I think you are misremembering (not a criticism, thinks were fast and furious back then). Netscape would allow you to give them money if you really wanted to, but it was also a free download, and was also bundled everywhere. Netscape was definitely using the "give away the product and make up the difference in volume" Internet model.
Both browsers were a piece of crap then, but the is irrelevant to the discussion.
No, Netscape really was a buggy piece of crap. Remember, Netscape had an enormous lead over IE... in the 90s of percent. Everyone switched because IE was so much better, especially when it came to speed.
Using you monopoly power to destroy a competitor is illegal.
And yet, Opera does OK in this IE-dominated world. Netscape died because their product sucked, and they were also trying to take advantage of a non-natural market. It was like trying to sell TCP/IP stacks on top of windows. Those companies used to exist, by the way. They don't anymore, and no one cries for them because Microsoft started "bundling" TCP/IP as part of the operating system. Same with the browser -- A browser is a natural utility of an operating system these days.
Sometimes it's best to just let stupid people be stupid.
The EU only wants to regulate the way US credit card companies deal with EU citizens.
Welcome to the global community. All the EU is saying is that a fair set of rules need to be put in place so that people don't get abused. What EU proposes against Microsoft would help US companies too, it is just that the US goverment lacks the balls to do this.
Engineering is the art of compromise.
The US government is a completely gutless pet of the plutocracy that really rules the country, so unless there is dramatic change of regime nothing will happen there.
The rest of the world, except the EU (it seems) doesn't really care because they are too primitive to to realize that being dependent on a single US company is a problem.
The funny thing is that the EU has a very simple solution to the MS problem; simply fine MS 10000 EUR / day / undocumented protocol identified and use the resulting money hire 10-20 hackers pr. protocol to reverse engineer it and publish the docs.
Anyone should be allowed to submit protocols, if MS has implemented both a server and a client then it needs to be documented.
Ideally this principle should extend to other areas as well, there are tons of secret protocols that do nothing more than serve as a weapon of vendor lockin.
-- To dream a dream is grand, but to live it is divine. -- Leto ][
Devils advocate: At least people have a choice to buy Microsoft products or not. They don't have the choice to not be subject to the EU or its laws. They won't even have the first choice if the EU stops Microsoft selling its products in Europe.

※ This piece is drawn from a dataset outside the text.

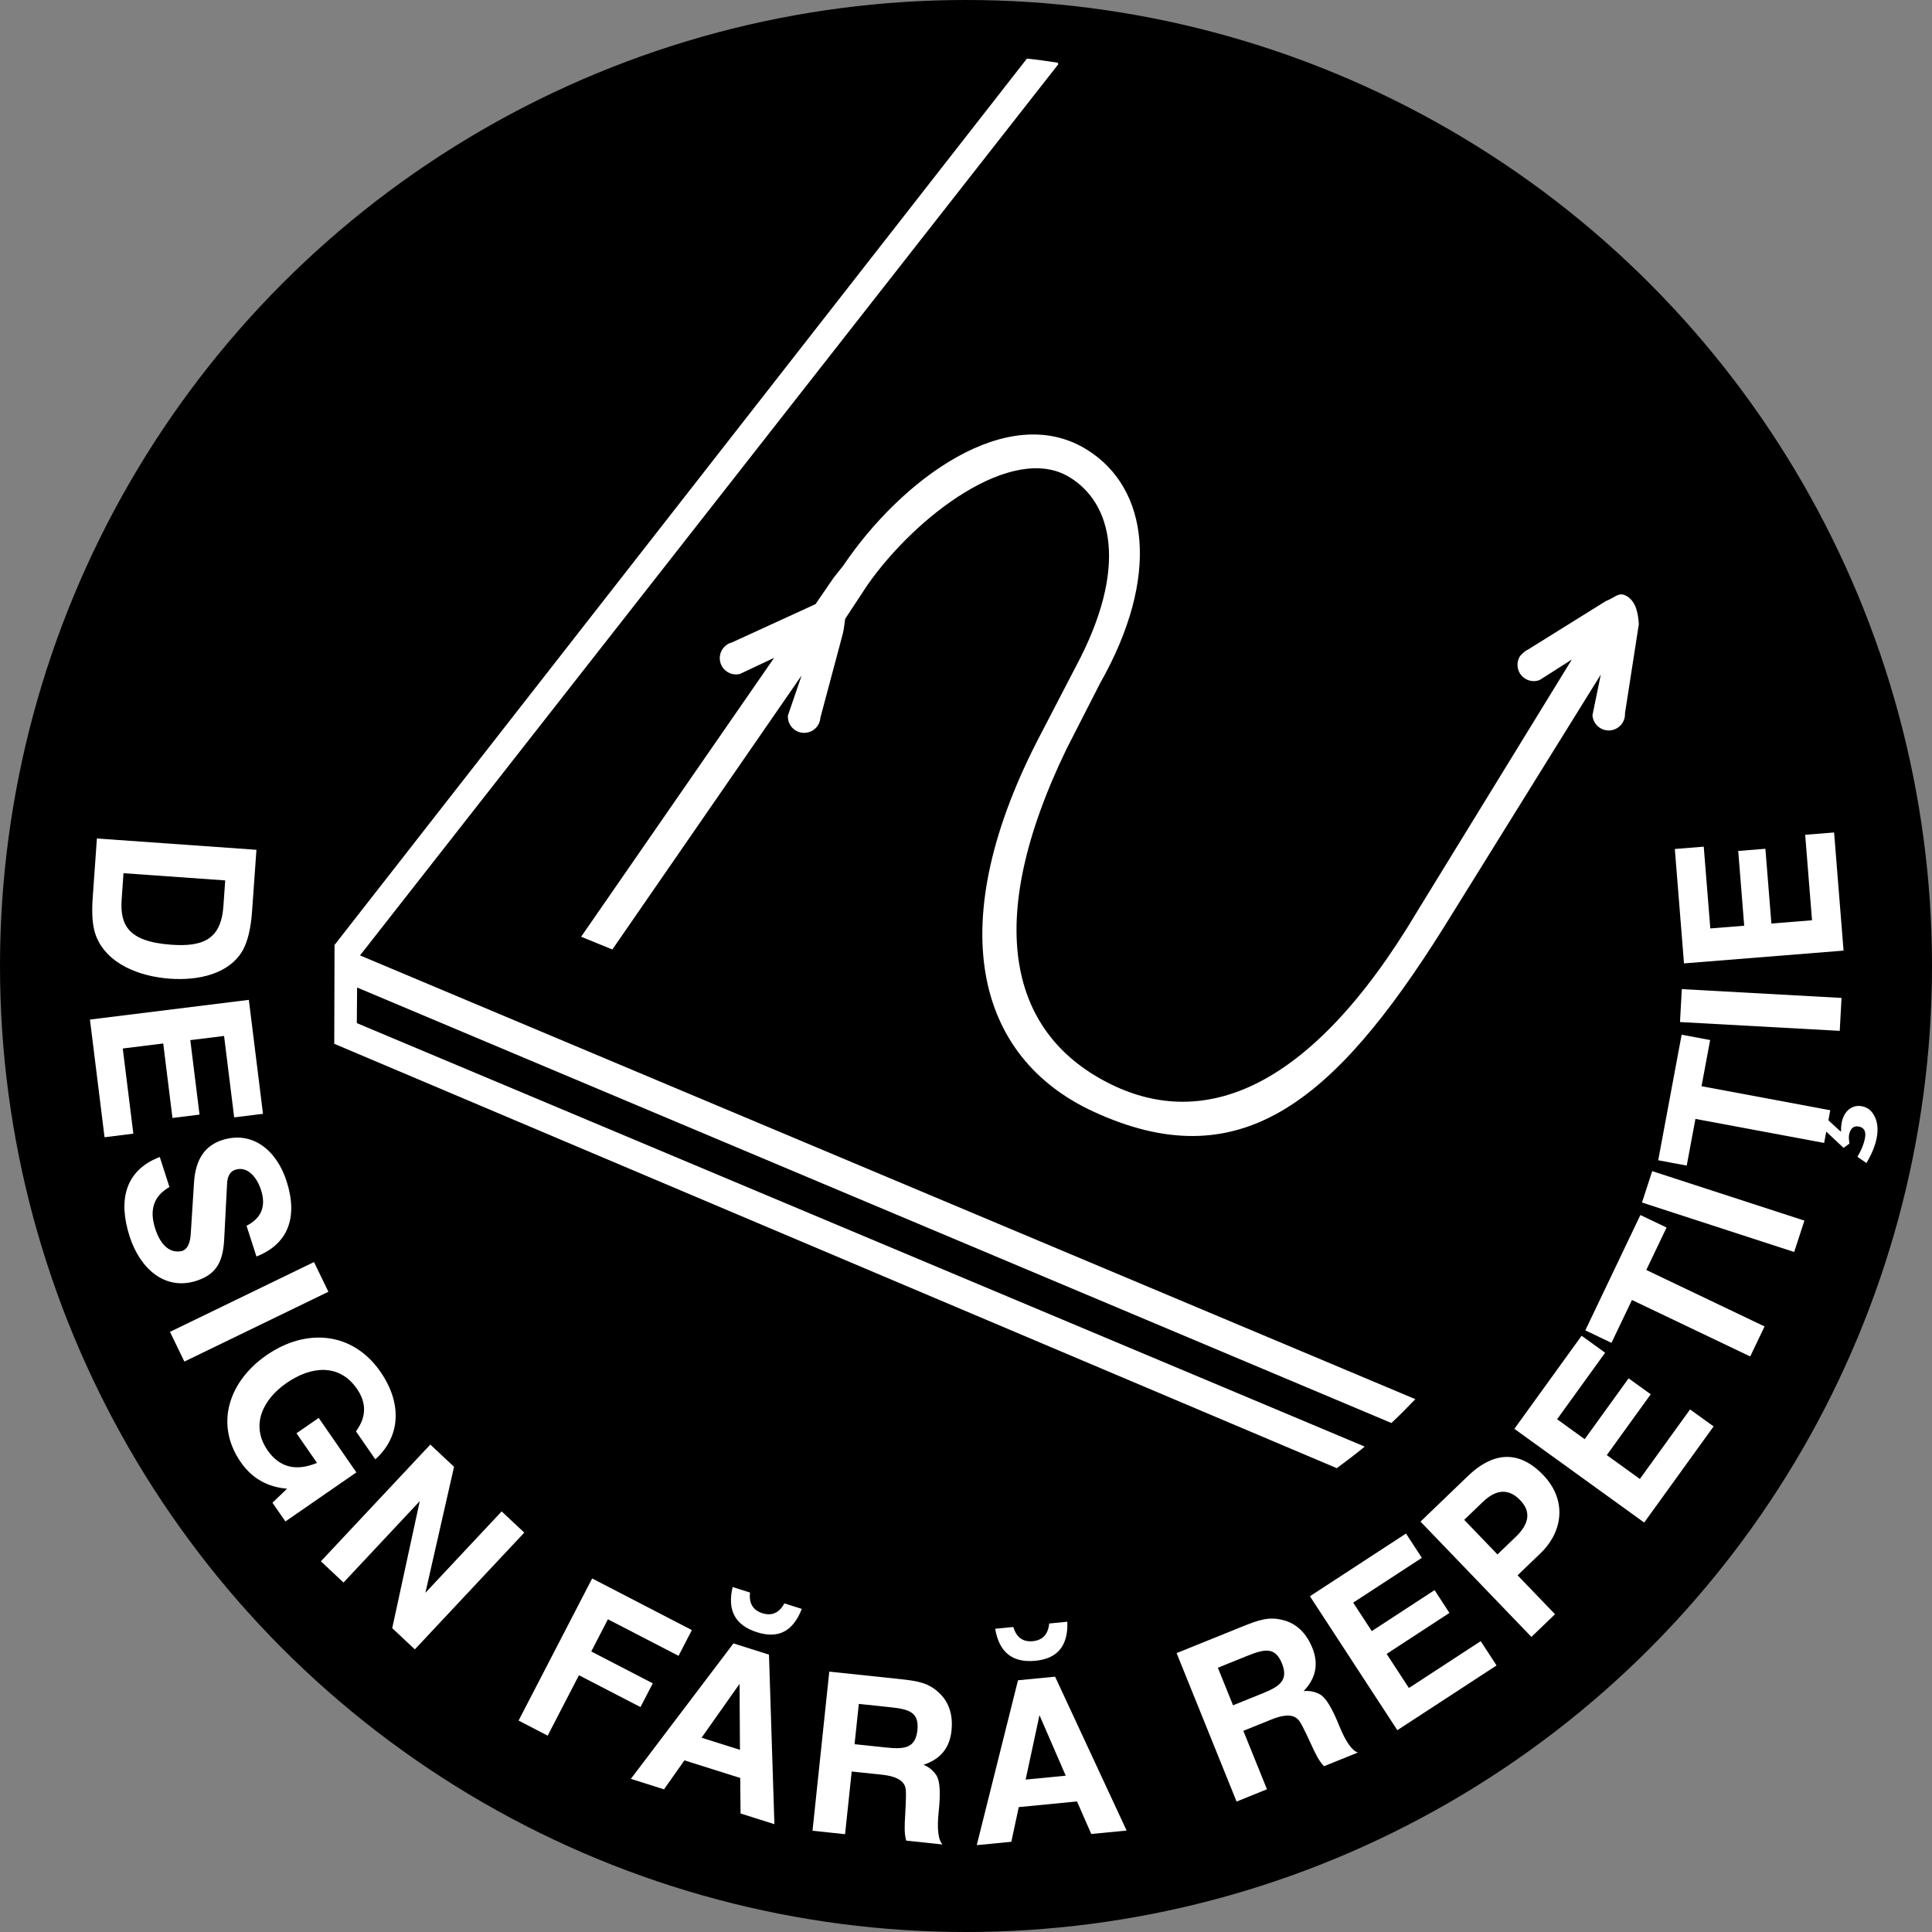 <?xml version="1.0" encoding="UTF-8"?><svg id="uuid-876d6e5b-f422-479b-ba24-972d1261f125" xmlns="http://www.w3.org/2000/svg" width="90" height="90" viewBox="0 0 90 90"><rect x="0" y="0" width="90" height="90" fill="#808080" stroke="none"/><g id="uuid-1f90846b-a8a4-4680-b243-296644a7054d"><circle cx="45" cy="45" r="45"/><path d="M45,2.817c-23.26,0-42.183,18.923-42.183,42.183,0,23.26,18.923,42.183,42.183,42.183,23.259,0,42.182-18.923,42.182-42.183,0-23.259-18.923-42.183-42.182-42.183Z" fill="none"/><path d="M4.514,39.06l7.432.527-.204,2.868c-.057.802-.204,1.398-.432,1.813-.64,1.122-2.096,1.415-3.385,1.324-1.417-.101-2.94-.676-3.453-1.996-.158-.408-.209-.995-.155-1.762l.197-2.775ZM10.491,41.013l-4.738-.336-.085,1.208c-.085,1.195.291,1.98,2.3,2.123,1.452.104,2.327-.22,2.438-1.787l.085-1.208Z" fill="#fff"/><path d="M4.19,47.495l7.402-.918.659,5.309-1.342.166-.471-3.793-1.573.194.43,3.47-1.261.156-.43-3.47-1.885.234.492,3.967-1.341.167-.68-5.482Z" fill="#fff"/><path d="M7.891,55.297c-.723.416-.947,1.051-.661,1.938.203.633.603,1.189,1.253,1.041.244-.078.376-.354.403-.803l.154-2.412c.07-1.039.497-1.69,1.307-1.951,1.431-.46,2.549.502,3.002,1.911.554,1.72.043,2.948-1.403,3.512l-.461-1.431c.704-.361.917-.919.673-1.674-.175-.543-.607-1.126-1.195-.937-.233.074-.372.29-.386.662l-.129,2.49c-.044,1.043-.298,1.7-1.296,2.021-1.475.475-2.633-.573-3.115-2.07-.539-1.676-.219-3.076,1.406-3.697l.45,1.398Z" fill="#fff"/><path d="M7.918,62.043l6.709-3.252.671,1.384-6.709,3.252-.671-1.384Z" fill="#fff"/><path d="M14.846,66.051l1.755,2.539-3.306,2.285-.603-.872.681-.654c-.916-.075-1.637-.483-2.16-1.24-1.245-1.802-.513-3.795,1.203-4.979,1.831-1.266,4.004-1.111,5.309.776,1.007,1.457.949,3.012-.242,4.075l-.901-1.303c.49-.664.501-1.323.044-1.984-.821-1.188-2.134-1.06-3.274-.271-1.111.768-1.689,1.96-.897,3.126.563.814,1.332,1.005,2.311.598l-.954-1.38,1.035-.715Z" fill="#fff"/><path d="M16.002,73.72l-1.054-.988,5.098-5.439,1.105,1.036-1.334,5.869,3.552-3.791,1.054.988-5.098,5.439-1.054-.988,1.283-5.917-3.552,3.791Z" fill="#fff"/><path d="M24.157,80.152l3.428-6.621,4.645,2.405-.621,1.199-3.29-1.703-.776,1.5,2.866,1.484-.573,1.106-2.866-1.483-1.457,2.814-1.355-.702Z" fill="#fff"/><path d="M30.932,83.354l-1.544-.488,4.779-6.31,1.655.523.253,7.898-1.577-.498-.015-1.654-2.599-.821-.952,1.35ZM32.681,80.95l1.789.564-.019-3.072-1.77,2.508ZM34.94,74.186c-.059.495.131.823.575.964s.788-.02,1.024-.458l.811.256c-.403,1.046-1.09,1.402-2.079,1.09-1.022-.322-1.401-1.017-1.142-2.107l.811.256Z" fill="#fff"/><path d="M37.85,85.283l.781-7.412,3.243.342c.903.095,1.363.179,1.854.629.47.424.676,1.031.596,1.784-.084.799-.515,1.327-1.303,1.584.27.11.462.283.604.497.16.263.197.793.102,1.696-.084.8-.021,1.31.18,1.519l-1.691-.179c-.096-.314-.079-.699-.049-1.199.042-.733.054-1.177-.002-1.312-.107-.316-.463-.494-1.089-.561l-1.401-.147-.308,2.919-1.517-.16ZM39.809,81.251l1.448.152c.857.09,1.388.053,1.479-.805.089-.846-.4-.979-1.281-1.071l-1.448-.153-.198,1.877Z" fill="#fff"/><path d="M47.113,85.797l-1.612.157,1.921-7.68,1.728-.168,3.332,7.168-1.647.16-.663-1.516-2.714.264-.346,1.614ZM47.205,75.792c.14.478.443.706.907.661.464-.046.717-.328.763-.824l.846-.082c.039,1.12-.453,1.718-1.485,1.818-1.067.104-1.688-.386-1.878-1.491l.847-.082ZM47.779,82.9l1.867-.182-1.223-2.819-.645,3.001Z" fill="#fff"/><path d="M57.604,83.922l-2.793-6.914,3.024-1.222c.843-.341,1.288-.483,1.934-.316.615.153,1.082.594,1.365,1.296.301.745.169,1.414-.406,2.012.29-.029.541.032.766.155.265.156.547.607.888,1.45.301.746.597,1.167.872,1.257l-1.577.637c-.232-.232-.398-.58-.607-1.036-.307-.668-.505-1.065-.618-1.158-.243-.229-.641-.218-1.225.018l-1.307.528,1.1,2.722-1.415.572ZM57.439,79.44l1.351-.546c.799-.322,1.251-.605.928-1.405-.318-.788-.813-.676-1.635-.345l-1.35.546.707,1.75Z" fill="#fff"/><path d="M65.093,80.599l-4.072-6.24,4.476-2.921.738,1.132-3.198,2.087.865,1.326,2.925-1.909.693,1.062-2.925,1.909,1.037,1.589,3.345-2.183.738,1.132-4.622,3.016Z" fill="#fff"/><path d="M66.172,70.883l2.208-2.123c.982-.944,2.217-1.39,3.509-.047,1.098,1.142.946,2.612-.128,3.646l-1.066,1.025,1.744,1.812-1.1,1.058-5.166-5.371ZM69.758,72.411l.856-.823c.638-.613.706-1.181.206-1.7-.533-.555-1.118-.524-1.739.073l-.873.839,1.55,1.611Z" fill="#fff"/><path d="M76.591,70.925l-6.045-4.365,3.131-4.336,1.096.791-2.237,3.099,1.285.928,2.046-2.834,1.03.743-2.046,2.834,1.54,1.111,2.339-3.239,1.096.791-3.233,4.478Z" fill="#fff"/><path d="M75.069,62.555l-1.219-.582,2.565-5.372,1.22.582-.944,1.977,5.509,2.631-.668,1.398-5.509-2.631-.954,1.997Z" fill="#fff"/><path d="M83.58,58.323l-7.09-2.305.476-1.462,7.09,2.305-.476,1.462Z" fill="#fff"/><path d="M84.977,53.242l-5.997-1.119-.406,2.174-1.328-.247,1.091-5.849,1.328.248-.401,2.151,5.997,1.119-.087.47.586.536c0-.189.012-.317.031-.421.101-.538.48-.857.938-.772.274.052.471.206.606.492.129.261.163.587.09.977-.07.377-.239.772-.48,1.178l-.419-.292c.188-.309.303-.606.352-.87.058-.309-.038-.492-.29-.539-.24-.045-.396.092-.452.389-.017.092-.008.235.019.406l-.274.198-.807-.755-.098.526Z" fill="#fff"/><path d="M85.702,48.021l-7.441-.41.084-1.534,7.441.41-.084,1.534Z" fill="#fff"/><path d="M85.879,44.283l-7.432.596-.427-5.33,1.347-.108.306,3.809,1.579-.126-.279-3.483,1.266-.102.279,3.483,1.893-.152-.319-3.982,1.347-.108.441,5.505Z" fill="#fff"/><path d="M75.699,33.221l.644-4.144c-.031-.509-.137-1.037-.531-1.288-.394-.252-.535.028-1.01.214l-3.629,2.261c-.155.06-.362.296-.362.296-.127.197-.16.451-.068.687.153.39.592.582.983.43l1.497-.955-7.184,11.703c-5.048,8.495-10.014,10.152-14.236,8.11-4.758-2.301-6.069-7.487-2.118-15.65l1.563-3.058c2.819-4.976,2.26-9.07-.591-10.865-3.702-2.331-8.681,1.389-11.371,5.383l-.449.564-.847,1.234-3.886,1.781c-.161.04-.297.129-.397.247h0c-.151.18-.216.427-.155.672.102.406.513.653.92.551l1.59-.75-8.991,12.993,1.455.593,8.818-12.768-.64,1.869c-.028.418.288.779.706.807.418.028.78-.29.807-.706l1.007-3.772c.066-.207.113-.543.144-.826l1.035-1.574c2.283-3.26,6.757-6.62,9.392-5.047,2.018,1.204,2.784,4.215.339,8.805l-1.622,3.123c-4.685,8.886-3.065,15.113,2.428,17.644,6.742,3.107,11.124-.301,16.313-8.578l7.318-11.784-.388,1.892c.025.418.385.736.803.711.418-.025.737-.386.711-.803Z" fill="#fff"/><path d="M16.772,44.506L49.301,2.991l-.028-.07c-.476-.071-.952-.144-1.435-.191L15.584,44.02l-.013,4.604,46.702,19.769c.441-.327.88-.655,1.301-1.005l-46.952-19.728.013-1.658,48.182,20.287c.384-.358.751-.733,1.115-1.111l-49.161-20.671Z" fill="#fff"/></g></svg>

By summer it was all gone...now shesmovedon. --
You US trolls still don't get it that the EU is the largest common market, bigger than the US market, do you? Walking away from a market that size is a suicide move for a company that relies on monopoly and lock-in for survival.
Assorted stuff I do sometimes: Lemuria.org
And believe it or not, if it actually were game over for MS in the EU, all that precious windos-only software would be ported to OSX, Linux, etc. in record time. The EU market is huge, larger than the US market. Any company producing software would make sure it's available in that market, windos or no windos.